Segment Start: Records for this exercise

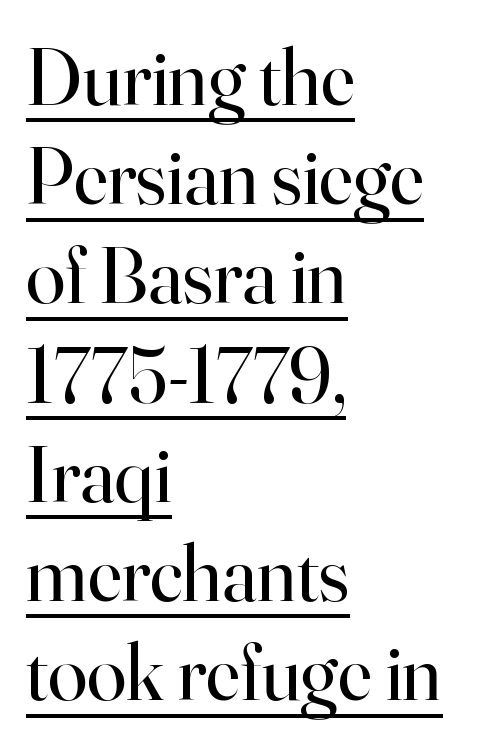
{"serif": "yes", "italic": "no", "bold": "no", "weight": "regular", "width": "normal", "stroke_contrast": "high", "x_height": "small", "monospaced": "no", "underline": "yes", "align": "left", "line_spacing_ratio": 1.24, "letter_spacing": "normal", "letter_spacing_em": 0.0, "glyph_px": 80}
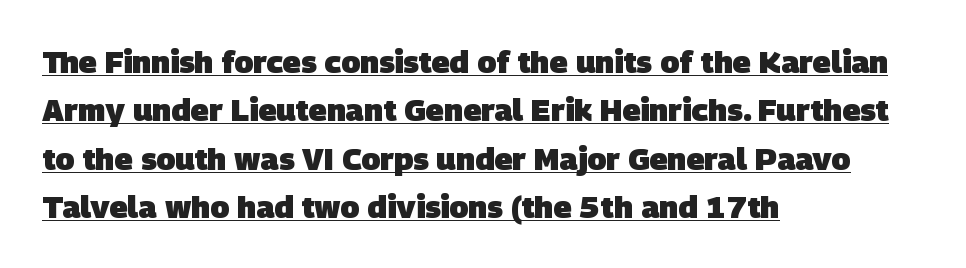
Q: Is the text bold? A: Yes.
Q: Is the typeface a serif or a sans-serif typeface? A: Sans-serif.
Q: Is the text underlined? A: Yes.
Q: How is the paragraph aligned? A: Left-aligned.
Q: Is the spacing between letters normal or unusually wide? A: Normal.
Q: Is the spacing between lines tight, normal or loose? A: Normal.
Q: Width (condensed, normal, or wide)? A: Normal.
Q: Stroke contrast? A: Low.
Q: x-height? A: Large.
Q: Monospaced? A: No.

Segment End: Records for this exercise

[Exercise details]: Exactly as written, print each entry, leaving all pictures out.

[Your solution]:
{"serif": "yes", "italic": "no", "bold": "no", "weight": "regular", "width": "normal", "stroke_contrast": "high", "x_height": "small", "monospaced": "no", "underline": "yes", "align": "left", "line_spacing_ratio": 1.24, "letter_spacing": "normal", "letter_spacing_em": 0.0, "glyph_px": 80}
Q: Is the text bold? A: Yes.
Q: Is the typeface a serif or a sans-serif typeface? A: Sans-serif.
Q: Is the text underlined? A: Yes.
Q: How is the paragraph aligned? A: Left-aligned.
Q: Is the spacing between letters normal or unusually wide? A: Normal.
Q: Is the spacing between lines tight, normal or loose? A: Normal.
Q: Width (condensed, normal, or wide)? A: Normal.
Q: Stroke contrast? A: Low.
Q: x-height? A: Large.
Q: Monospaced? A: No.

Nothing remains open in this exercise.